Extracted records
========
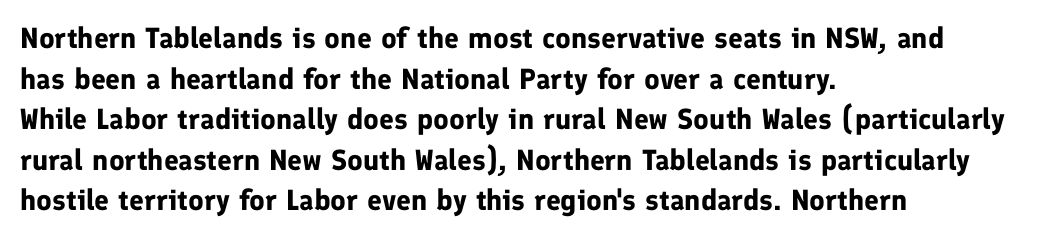
{"serif": "no", "italic": "no", "bold": "yes", "weight": "bold", "width": "normal", "stroke_contrast": "low", "x_height": "medium", "monospaced": "no", "underline": "no", "align": "left", "line_spacing": "normal", "line_spacing_ratio": 1.4, "letter_spacing": "normal", "letter_spacing_em": 0.0, "glyph_px": 29}
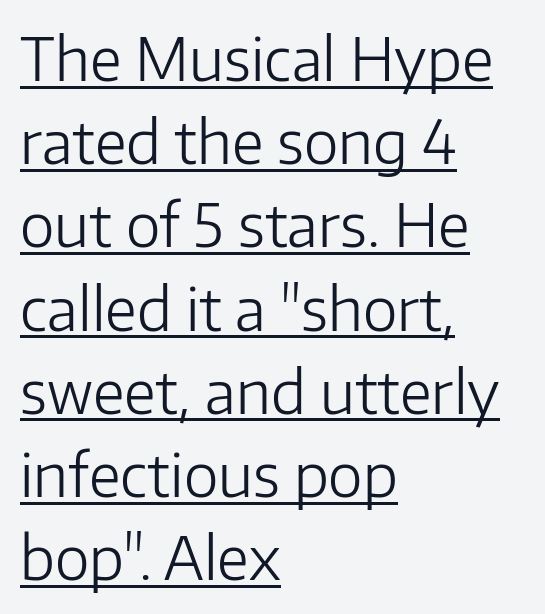
The image shows 59 px light sans-serif type, upright; set left-aligned, normal line spacing (1.41x), normal letter spacing, underlined; low stroke contrast and a medium x-height.
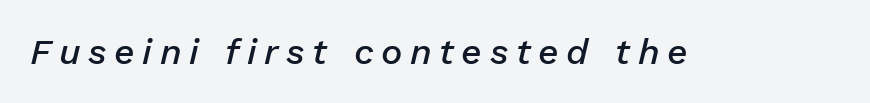
The image shows 36 px semibold type, italic (leaning right); set unusually wide letter spacing (+0.21 em), not underlined; low stroke contrast and a medium x-height.
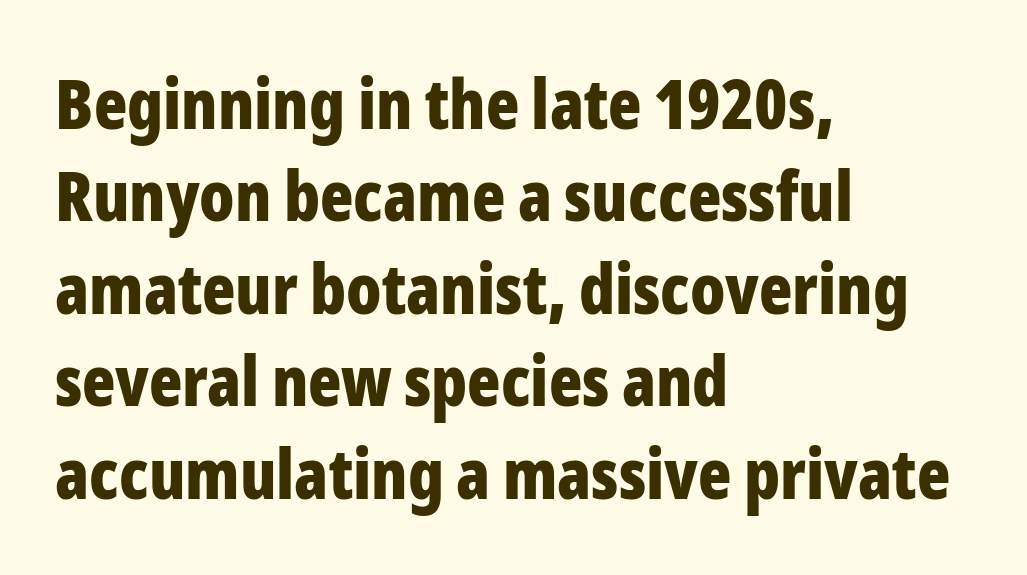
{"serif": "no", "italic": "no", "bold": "yes", "weight": "bold", "width": "condensed", "stroke_contrast": "low", "x_height": "medium", "monospaced": "no", "underline": "no", "align": "left", "line_spacing": "normal", "line_spacing_ratio": 1.34, "letter_spacing": "normal", "letter_spacing_em": 0.0, "glyph_px": 69}
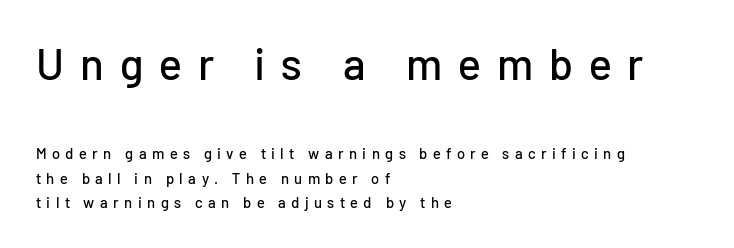
{"serif": "no", "italic": "no", "width": "normal", "stroke_contrast": "low", "x_height": "medium", "monospaced": "no", "underline": "no", "align": "left", "line_spacing": "normal", "line_spacing_ratio": 1.65, "letter_spacing": "wide", "letter_spacing_em": 0.36, "larger_block": "first", "size_ratio": 2.93, "glyph_px": 44}
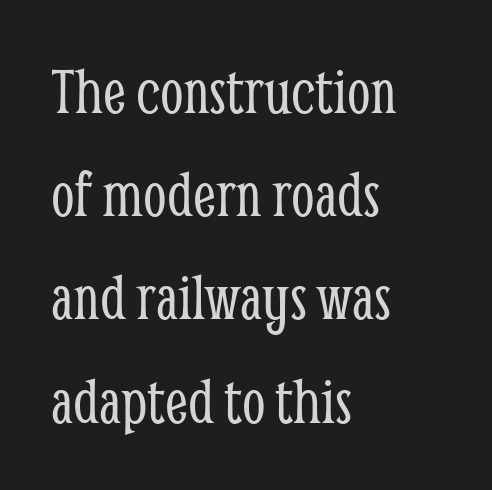
The passage shown is not underscored anywhere. These glyphs show unthickened strokes, regular width or finer. The letters stand straight up with perfectly vertical stems. Normally led — the rows are evenly, conventionally spaced.
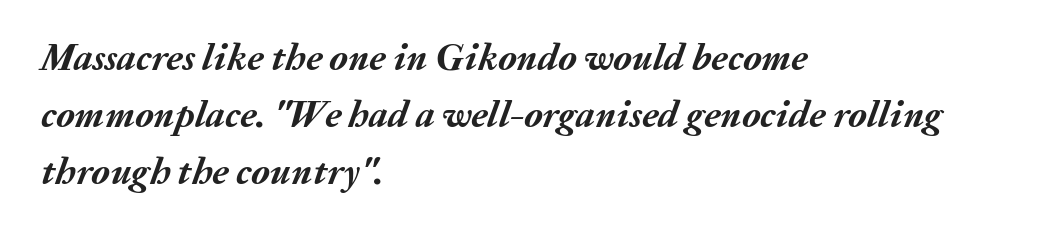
========
● **What needs to be done**
For the data above, return an exact copy that contains no pictures.

● **Task output**
{"serif": "no", "italic": "no", "bold": "yes", "weight": "bold", "width": "normal", "stroke_contrast": "low", "x_height": "medium", "monospaced": "no", "underline": "no", "align": "left", "line_spacing": "normal", "line_spacing_ratio": 1.4, "letter_spacing": "normal", "letter_spacing_em": 0.0, "glyph_px": 29}
The image shows 59 px light sans-serif type, upright; set left-aligned, normal line spacing (1.41x), normal letter spacing, underlined; low stroke contrast and a medium x-height.
The image shows 36 px semibold type, italic (leaning right); set unusually wide letter spacing (+0.21 em), not underlined; low stroke contrast and a medium x-height.
{"serif": "no", "italic": "no", "bold": "yes", "weight": "bold", "width": "condensed", "stroke_contrast": "low", "x_height": "medium", "monospaced": "no", "underline": "no", "align": "left", "line_spacing": "normal", "line_spacing_ratio": 1.34, "letter_spacing": "normal", "letter_spacing_em": 0.0, "glyph_px": 69}
{"serif": "no", "italic": "no", "width": "normal", "stroke_contrast": "low", "x_height": "medium", "monospaced": "no", "underline": "no", "align": "left", "line_spacing": "normal", "line_spacing_ratio": 1.65, "letter_spacing": "wide", "letter_spacing_em": 0.36, "larger_block": "first", "size_ratio": 2.93, "glyph_px": 44}
The passage shown is not underscored anywhere. These glyphs show unthickened strokes, regular width or finer. The letters stand straight up with perfectly vertical stems. Normally led — the rows are evenly, conventionally spaced.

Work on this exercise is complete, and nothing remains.